3)    Another shortcomings of the EOQ model is that the quantity given by the EOQ model may be hypothetical. For example , order cannot be placed for fractional unit , say 437.25 units. Quite often , the order can be placed only in a particular multiple size, e.g., I multiple of dozens, or 10’ or 100’s.

4)    The EOQ model assumes that the ordering cost are fixed and are not a function of the size of the order. This is unlikely to be true when there are economics of scale or quantity discounts associated with larger orders.

5)    The carrying cost may also vary substantially as the size of the inventory rises because of economics of scale or the storage efficiency . If it is so , then the EOQ model may not give the desired result.

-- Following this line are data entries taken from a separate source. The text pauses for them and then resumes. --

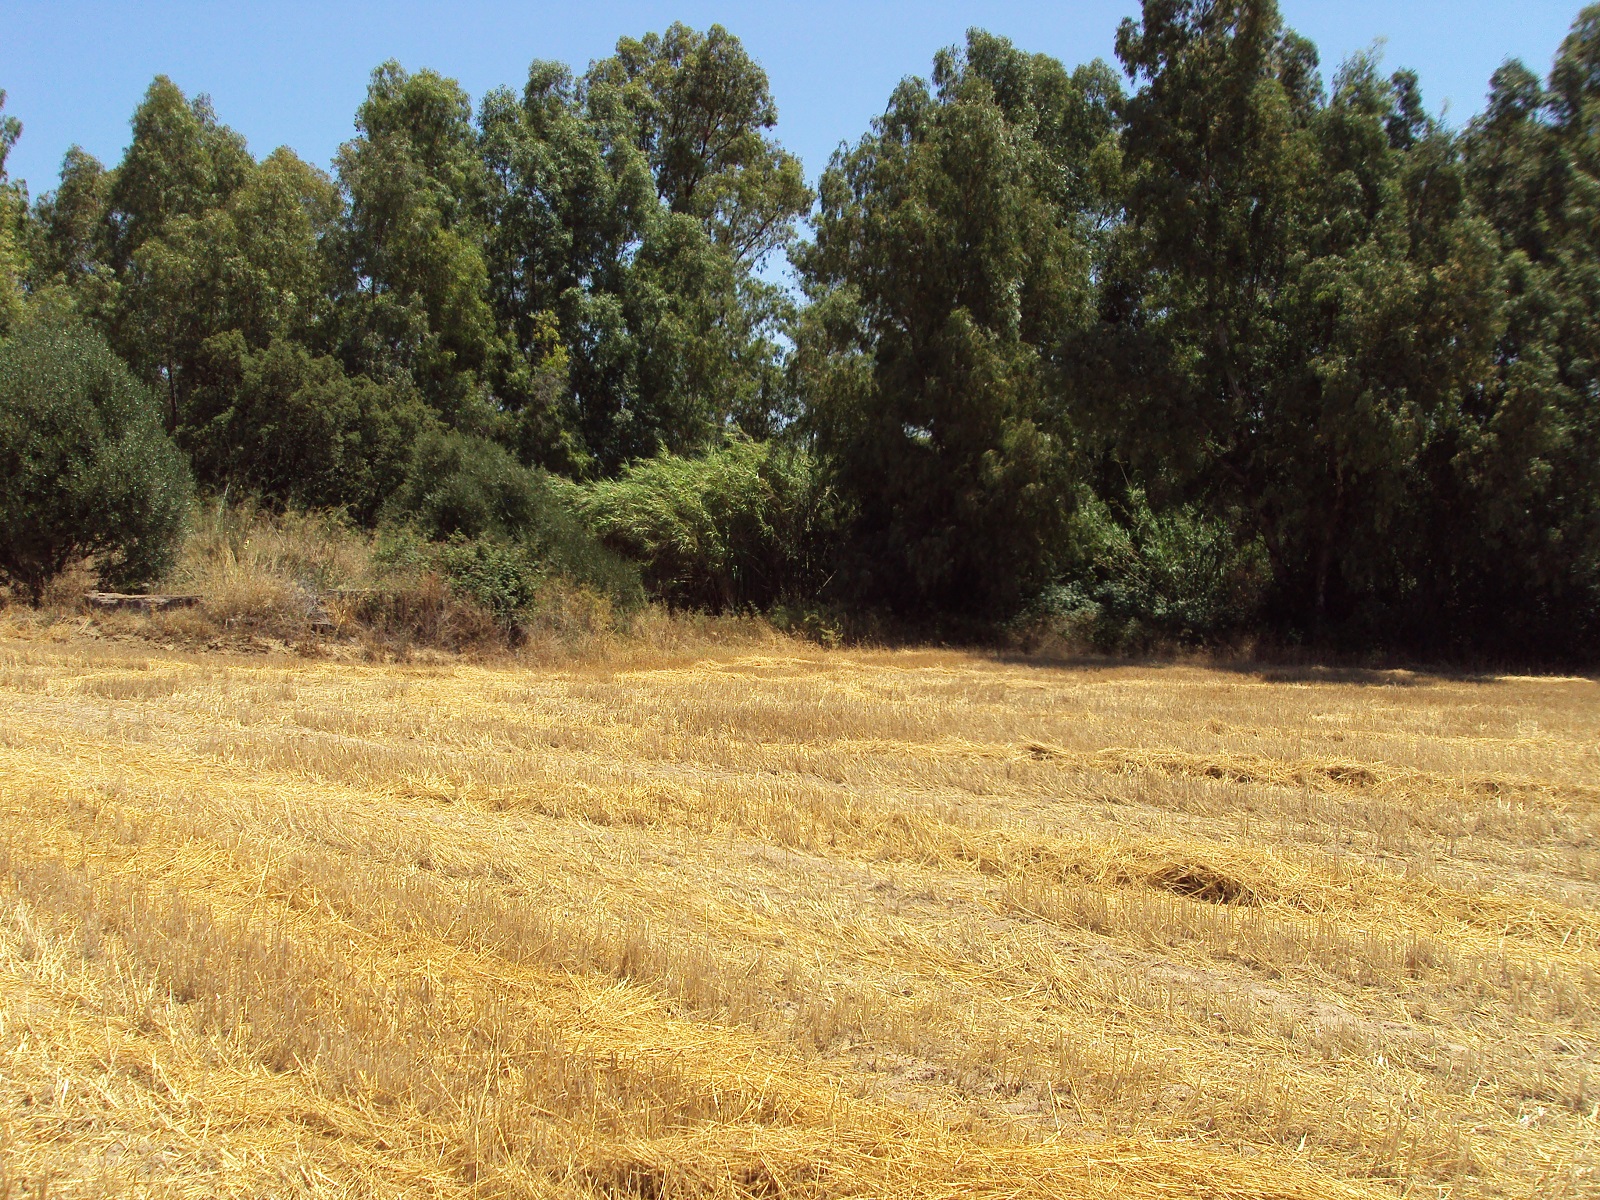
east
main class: Cropland
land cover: Durum wheat
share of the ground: > 75 %
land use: Agriculture (excluding fallow land and kitchen gardens)
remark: Harvested field
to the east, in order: Durum wheat; Broadleaved woodland; Rivers and streams; Olive groves
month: June
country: ES
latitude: 37.3727
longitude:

The shortcoming can be overcome to some extent by modifying some of the assumptions of the model.
1)    The assumptions of immediate replenishment can be eliminated by pre-poning (advancing) the placement of an order by a few days before the actual inventory level reaches zero.
2)    The firm may maintain a safety inventory which would cover the demand while the supply is being replenished. The size of the safety inventory is an increase function of the time it takes to replenish the inventory & the uncertainty associated with the demand.
3)    The firm may decide the re-order level, at which the next order is to placed. This re-order level will  then depend upon the expected usage rate & the time gap.

So, the re-order level & safety stock can take care of the problem of instantaneous replenishment. However, the safety stock level depends upon the cost of carrying additional inventory and the cost of stock-out.